Relationships among Cloud Deploy components

As shown in this diagram, Google Cloud Deploy interacts with the following systems:

  • Your CI system

    Google Cloud Deploy supports most CI tools, as long as one output from your CI process can be a call to the Google Cloud Deploy API or CLI to create a release.

  • Cloud Build

    Google Cloud Deploy calls Cloud Build to render your manifests and to deploy to the target runtime.

  • Skaffold

    Google Cloud Deploy uses Skaffold through Cloud Build to render and deploy your manifests, thus deploying your application.

  • Cloud Storage

    Google Cloud Deploy stores rendering source and rendered manifests in a Cloud Storage bucket.

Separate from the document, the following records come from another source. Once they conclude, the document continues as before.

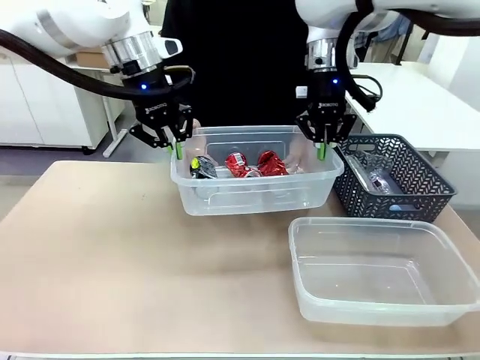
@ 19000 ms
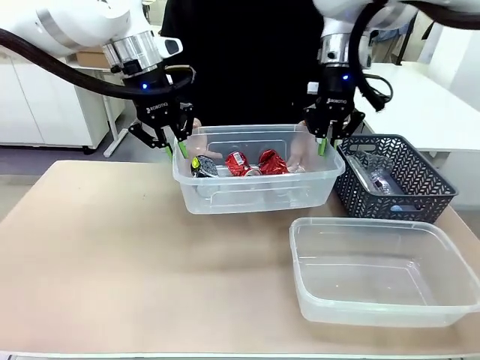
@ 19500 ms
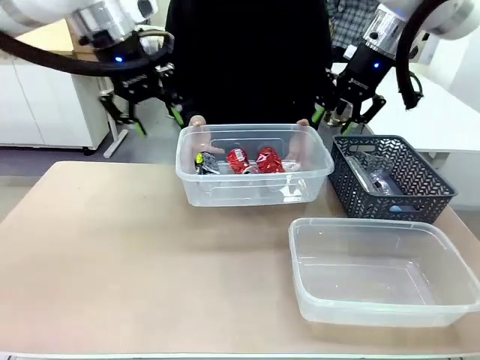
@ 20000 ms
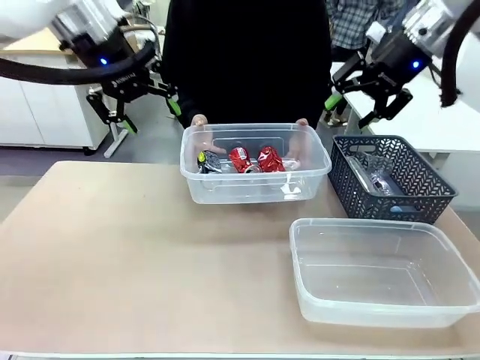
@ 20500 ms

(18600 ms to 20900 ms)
Robot: Release the Organizing box you were holding.

  • Google Cloud's operations suite and Cloud Audit Logs.

    Google Cloud's operations suite collects and makes available logging data for Google Cloud Deploy.

    See also Audit logging.

  • Pub/Sub

    Google Cloud Deploy publishes messages to several Pub/Sub topics. You can use this service to integrate with external workflow, testing, and other related systems.

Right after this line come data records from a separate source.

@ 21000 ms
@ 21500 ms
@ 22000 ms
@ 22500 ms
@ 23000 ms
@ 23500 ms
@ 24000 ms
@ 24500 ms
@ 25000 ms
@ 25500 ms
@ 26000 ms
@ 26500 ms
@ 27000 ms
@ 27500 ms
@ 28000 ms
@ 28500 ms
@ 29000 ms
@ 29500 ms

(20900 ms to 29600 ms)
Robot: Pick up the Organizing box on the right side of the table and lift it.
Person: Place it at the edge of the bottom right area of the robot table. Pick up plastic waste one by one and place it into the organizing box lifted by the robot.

    See Subscribing to Google Cloud Deploy notifications for more information.

  • Target runtime

    Google Cloud Deploy uses skaffold apply, through Cloud Build, to deploy your applications to your target runtime (GKE or Anthos).

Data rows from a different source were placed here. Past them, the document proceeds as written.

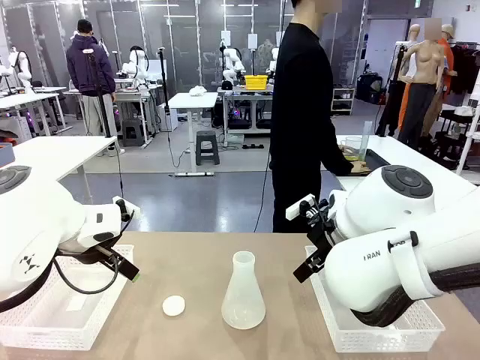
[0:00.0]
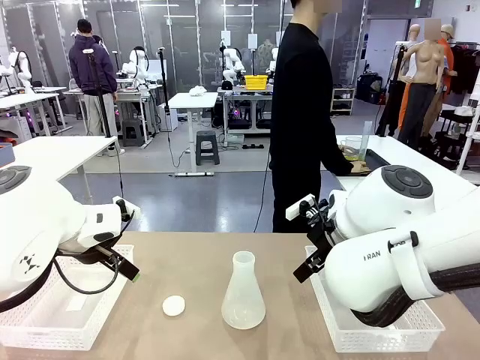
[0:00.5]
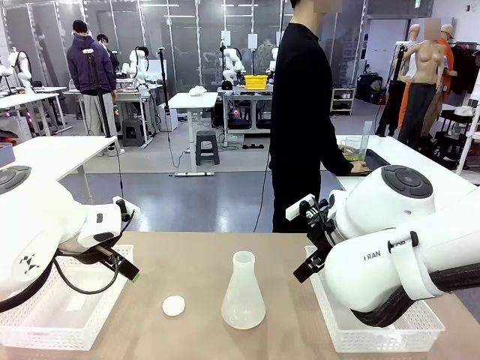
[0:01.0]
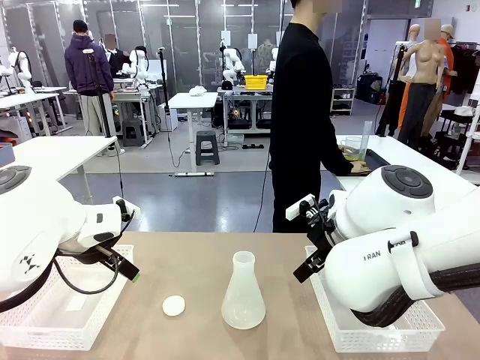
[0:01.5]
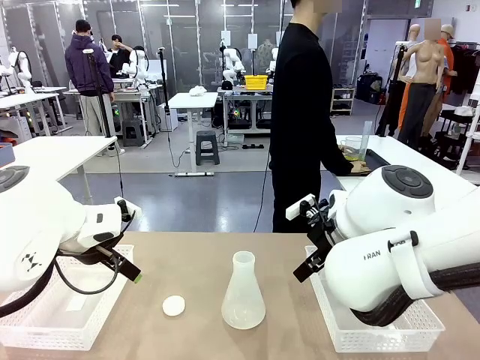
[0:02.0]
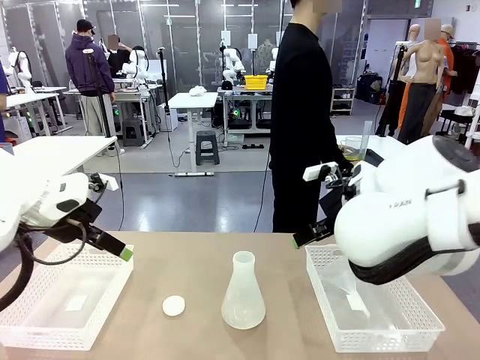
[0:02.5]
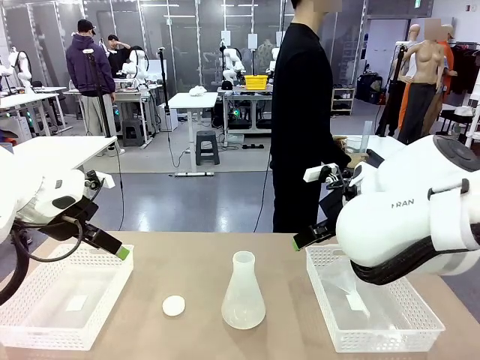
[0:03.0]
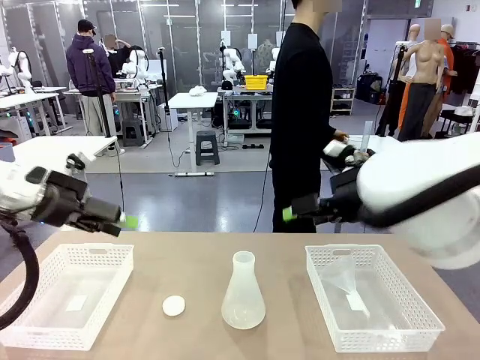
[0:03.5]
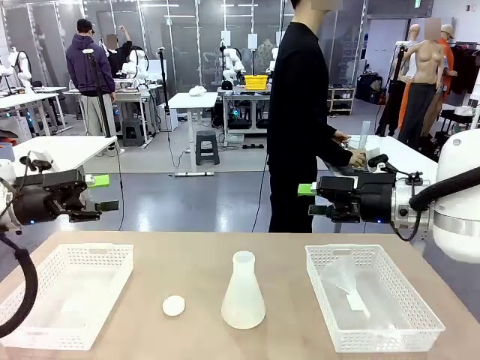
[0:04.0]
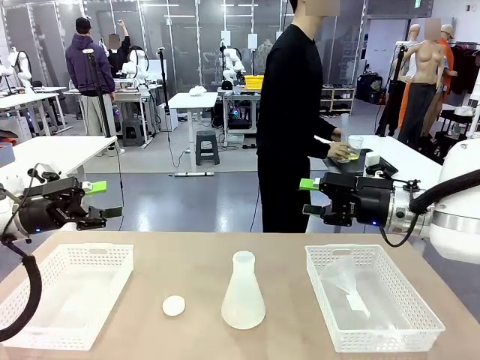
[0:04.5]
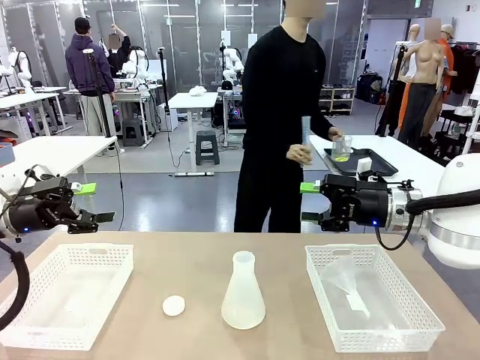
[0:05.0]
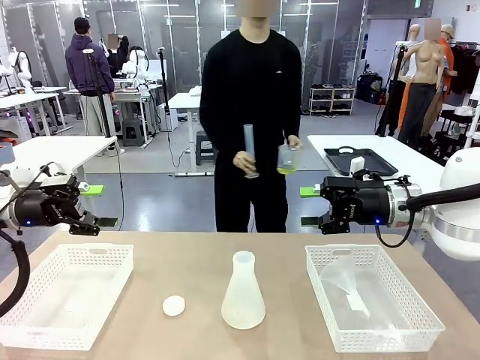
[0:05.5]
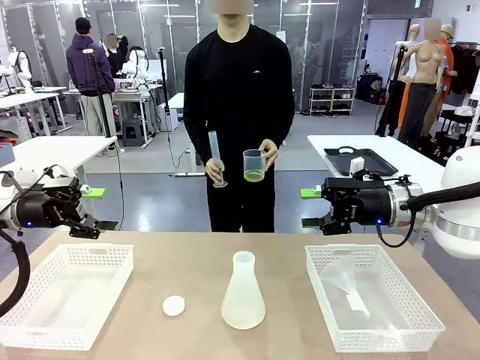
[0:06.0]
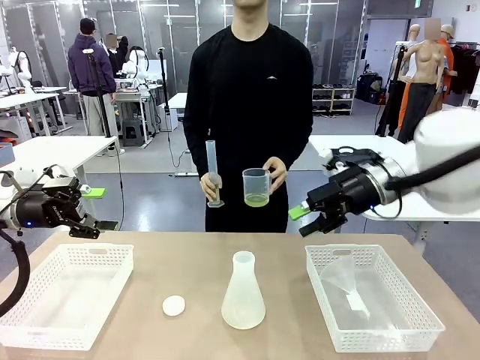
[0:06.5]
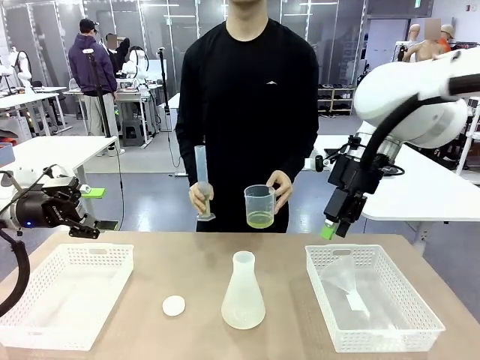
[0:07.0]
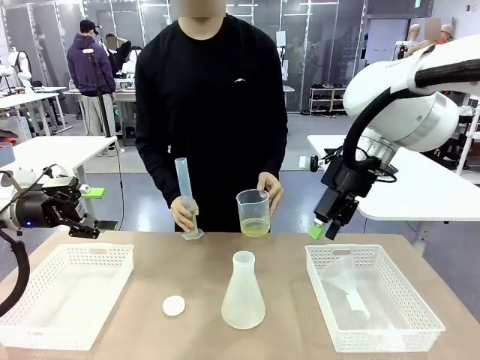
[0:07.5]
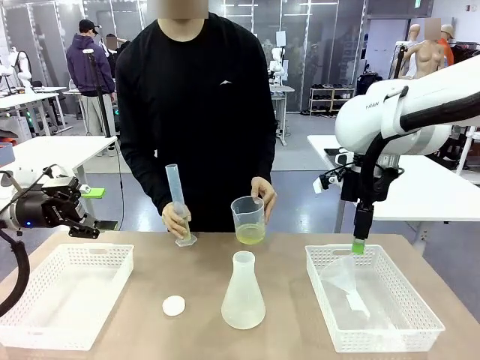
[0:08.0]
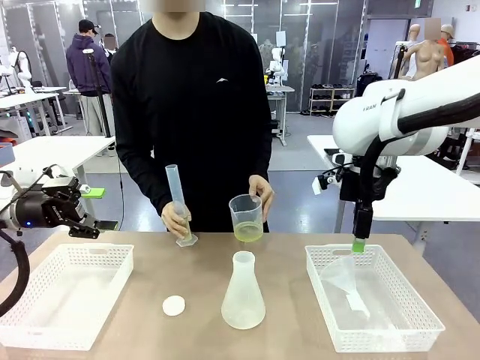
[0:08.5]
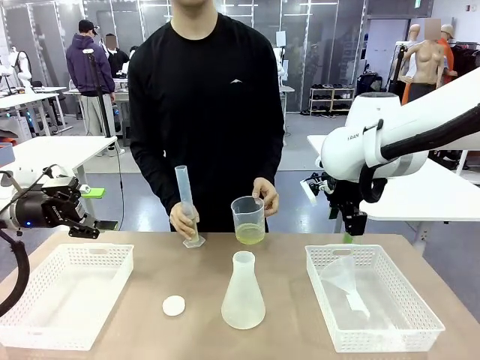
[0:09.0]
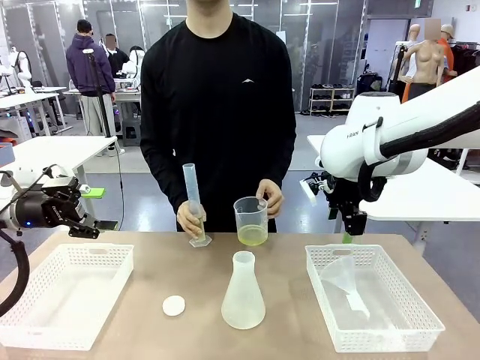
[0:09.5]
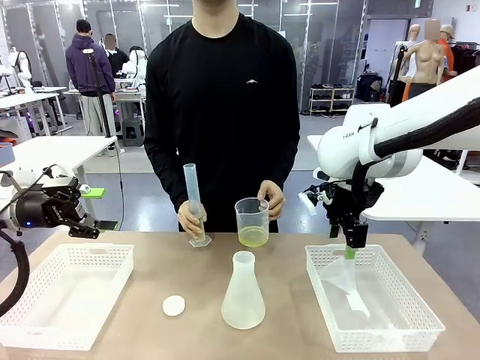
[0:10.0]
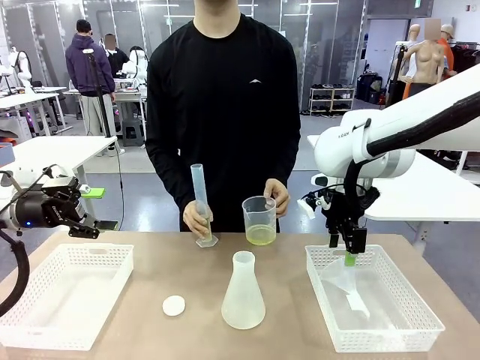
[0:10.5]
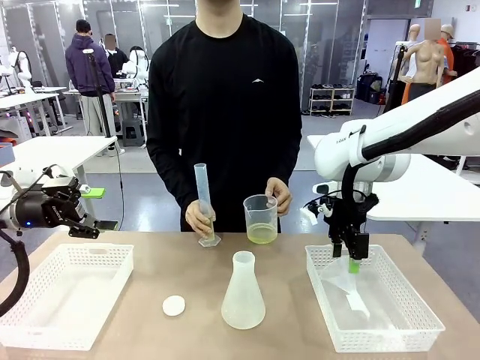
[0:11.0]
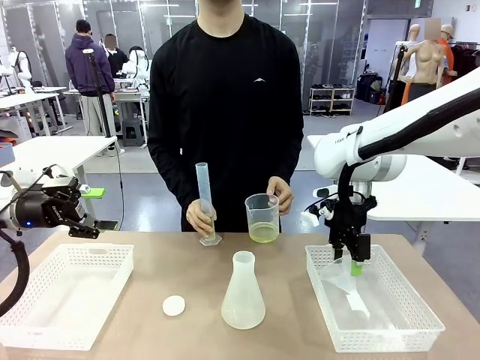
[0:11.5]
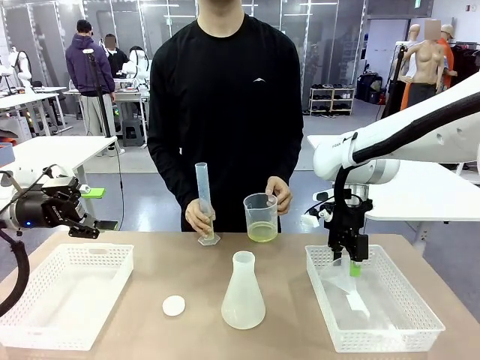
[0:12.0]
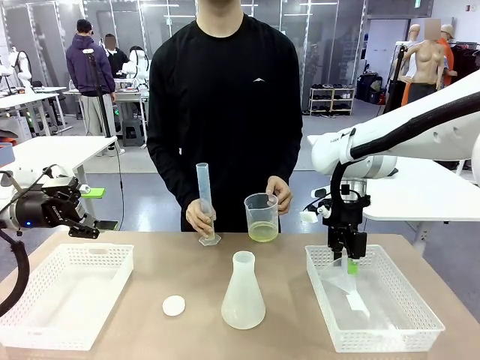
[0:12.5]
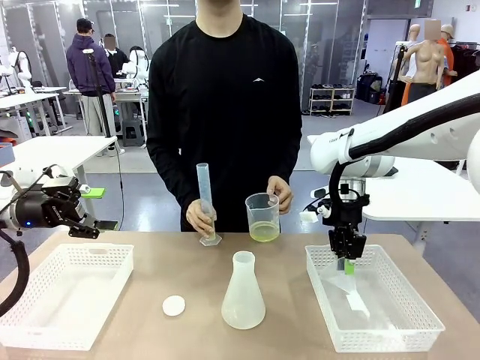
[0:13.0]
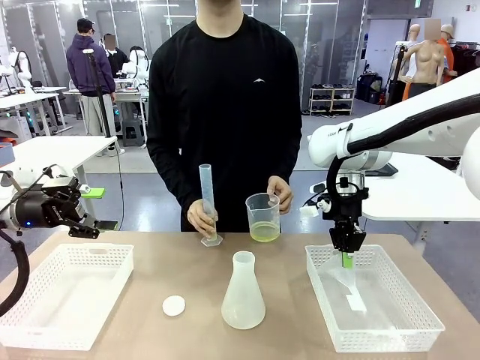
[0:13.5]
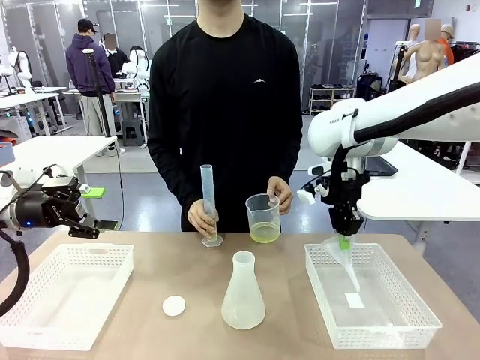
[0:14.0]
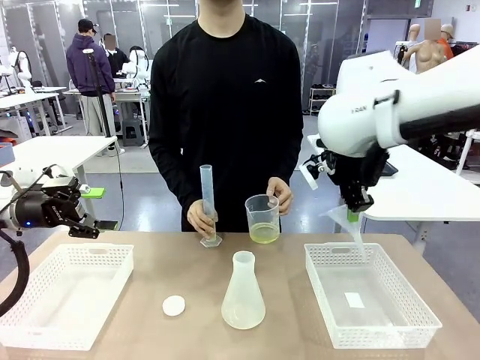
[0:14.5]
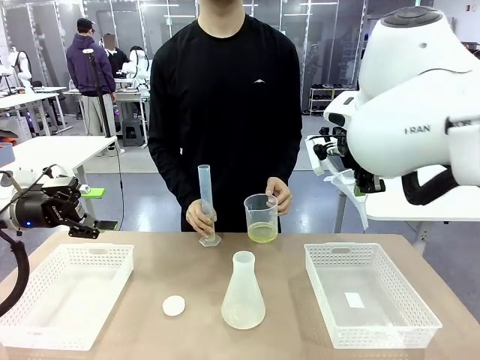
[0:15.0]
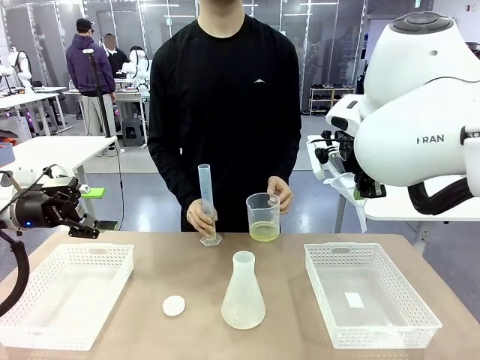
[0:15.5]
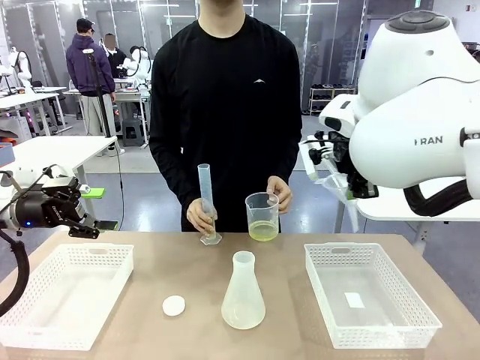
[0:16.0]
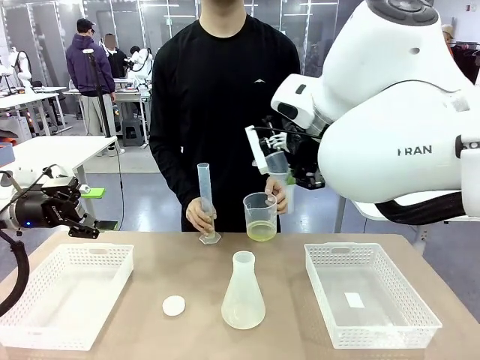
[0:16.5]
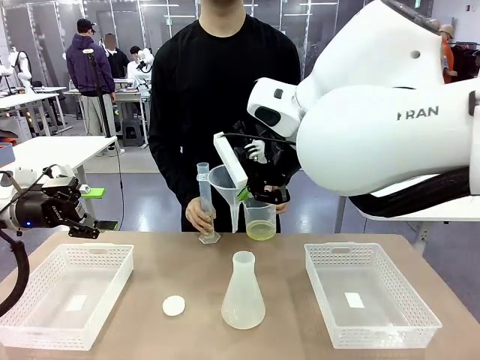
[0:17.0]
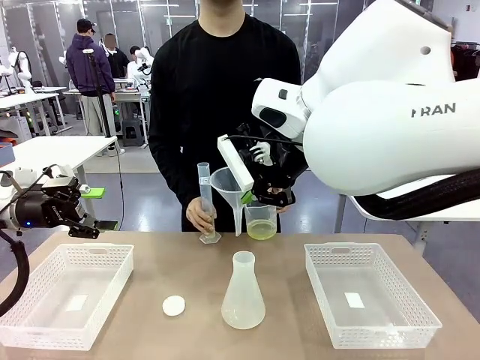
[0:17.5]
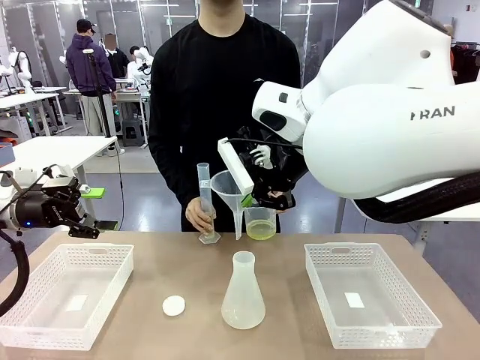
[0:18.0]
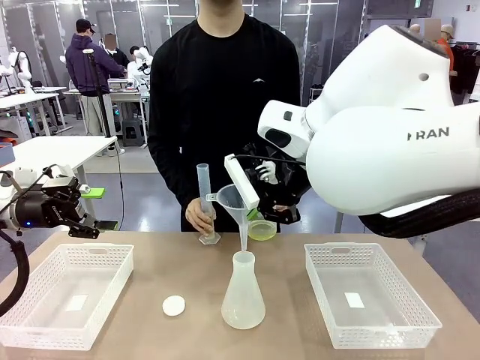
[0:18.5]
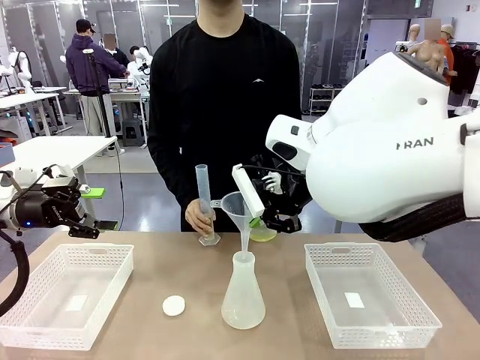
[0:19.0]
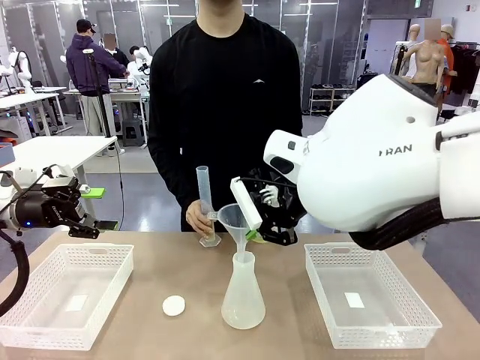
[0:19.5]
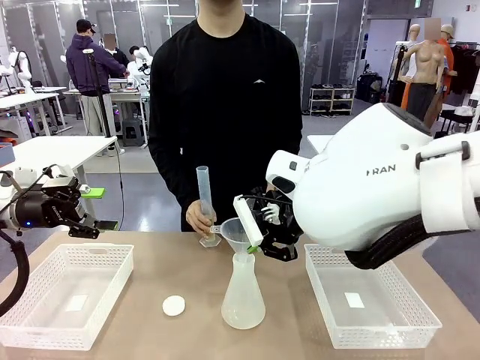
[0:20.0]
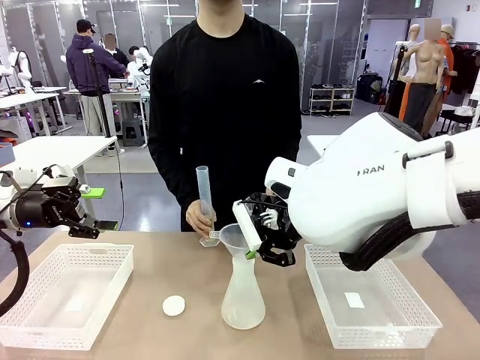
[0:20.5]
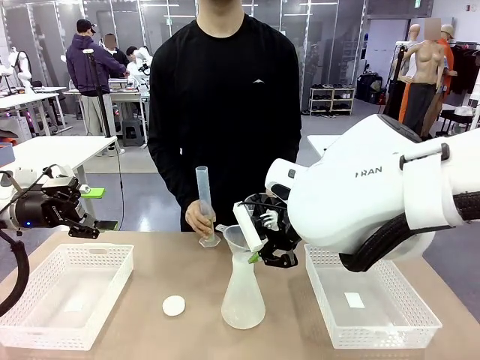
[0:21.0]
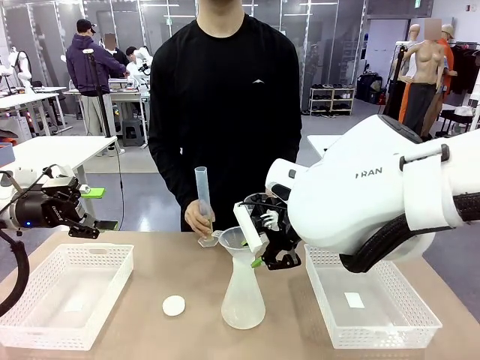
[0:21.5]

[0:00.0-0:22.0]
Task: Prepare the solutions needed for the experiment.
Robot: Pick up the Plastic Funnel and insert it into the Big flask.
Person: Pick up the beaker and the cylinder and move to the middle of the robot table. Pour the solution from the beaker and the cylinder into the flask.

Google Cloud Deploy resources

The following diagram shows the resources that Google Cloud Deploy uses to deliver your applications, and the relationships among those resources:

Relationships among Cloud Deploy resources

As shown in this diagram, the relationships among the resources are as follows:

  • The delivery pipeline can yield zero or more releases and can reference one or more targets, including multi-targets and their associated child-targets.

  • Each release includes the pipeline instance—a "snapshot" of the delivery pipeline and targets as they were configured when the release was created.

  • Each release can yield zero or more rollouts, and can reference zero or more artifacts.

    Each rollout includes at least one phase, representing a collection of operations (jobs) in a rollout that are logically grouped together, for example, a deploy or a deploy and verify.

    Each phase includes one or more jobs, representing what is to be done on the rollout—either deploy or verify. Each job can include one or more job runs, which are instances of jobs, for example, an attempt to deploy. A job run is a child resource of the rollout.

    Multi-targets, used for parallel deployment, create controller rollouts, which create child rollouts, which correspond to child targets.

  • Each rollout is associated with one target.

    For parallel deployment , each child target is associated with one child rollout.

  • Each target is associated with one GKE or Anthos cluster, or other runtime destination for the application.

  • A target can be associated with one or more delivery pipelines.

  • An artifact is any output from your CI process (for example, a container image) that is deployed to a target runtime as part of a rollout.

Further, a rollout has one or more phases, and phases have one or more jobs and one or more job runs.

Rollout resources

As shown in this diagram, a rollout includes the following:

  • Phases

    A phase contains one or more jobs (for example deploy, or deploy and verify). Each rollout has one or more phases. A phase is a sub-message in a rollout.

  • Jobs

    The specific operation to be performed on a rollout, for example deploy or verify. A job is a sub-message in a rollout.

  • JobRuns

    An instance of a job, for example an attempt to verify. Each job may have zero or more JobRuns. The JobRun is a child resource of a rollout.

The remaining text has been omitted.